Lo spiega con precisione Giulio De Santis sul Corriere della Sera.

Il legale del presidente della 29 giugno ripresenterà, prima dell’apertura del dibattimento, una nuova richiesta di patteggiamento a 3 anni e 9 mesi al collegio presieduto da Rosanna Ianiello. Nella proposta il difensore condizionerà l’applicazione della pena all’esclusione dell’associazione per delinquere di stampo mafioso. Al collegio a quel punto si prospetterà una triplice strada. Accogliere subito il patteggiamento: ipotesi, però, altamente improbabile perché supporrebbe una sconfessione immediata dell’impostazione dell’accusa che ruota intorno al 416bis. Accantonare la proposta e ridiscuterla nel merito al termine del dibattimento: via d’uscita per il collegio ritenuta forzata dal legale perché la formulazione dell’articolo 448 del codice di procedura penale impone al giudice di sciogliere subito la questione. Oppure, ed è l’insidia immaginata dal difensore di Buzzi, respingere il patteggiamento: strada che sarebbe obbligata per il tribunale secondo l’avvocato Alessandro Diddi.
L’implicazione di questa terza opzione sarebbe devastante per il futuro del processo. Dopo aver respinto la richiesta, sarebbe, infatti, inevitabile per il collegio spogliarsi del procedimento perché, decidendo di ritenere infondata la proposta, vorrebbe dire che i giudici avrebbero già anticipato un giudizio sul merito del processo dopo la visione del fascicolo. A quel punto diventerebbe indispensabile trasferire il processo a un altro collegio con conseguente spostamento del dibattimento ad altro giudice.

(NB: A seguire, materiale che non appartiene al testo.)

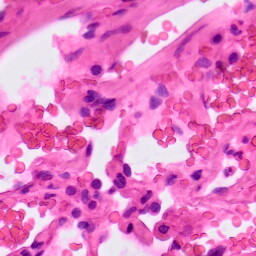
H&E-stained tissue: Lung

Mentre Luca Odevaine, già capo di gabinetto di Walter Veltroni e in seguito capo della Polizia provinciale sotto Zingaretti ed ex componente del Tavolo tecnico sull’immigrazione del ministero dell’Interno all'epoca presieduto dall'attuale prefetto di Roma Gabrielli, sempre ieri è riuscito ad ottenere gli arresti domiciliari, si delinea con precisione l'organigramma dell'organizzazione che faceva capo a Massimo Carminati. Secondo il procuratore capo Giuseppe Pignatone, l’aggiunto Michele Prestipino e i sostituti Giuseppe Cascini, Paolo Ielo e Luca Tescaroli che hanno coordinato l'inchiesta condotta dal Ros dei Carabinieri, l’associazione mafiosa sarebbe composta in questo modo: Carminati, il suo braccio armato Riccardo Brugia, Luca Gramazio (politico ex consigliere comunale e consigliere regionale Pdl), Fabrizio Franco Testa (per i rapporti istituzionali), Buzzi (rapporti imprenditoriali), Cristiano Guarnera (imprenditore), Giuseppe Ietto (imprenditore), Agostino Gagliano, Franco Panzironi (ex ad di Ama), Carlo Pucci (pubblico ufficiale), Roberto Lacopo (destore di distributori di carburanti per l’organizzazione), Matteo Calvio (estorsioni e recupero crediti), Fabio Gaudenzi (riciclaggio e reinvestimento dei guadagni), Nadia Cerrito (segretaria di Buzzi), Carlo Maria Guarany (collaboratore di Buzzi), Alessandra Garrone (compagna di Buzzi), Paolo Di Ninno (commercialista di Buzzi), Claudio Caldarelli (rapporti istituzionali), Rocco Rotolo e Salvatore Ruggiero (vicini alla cosca di ’ndrangheta Mancuso di Limbadi). Queste le figure principali che spiccano fra i 46 imputati che domani andranno in giudizio.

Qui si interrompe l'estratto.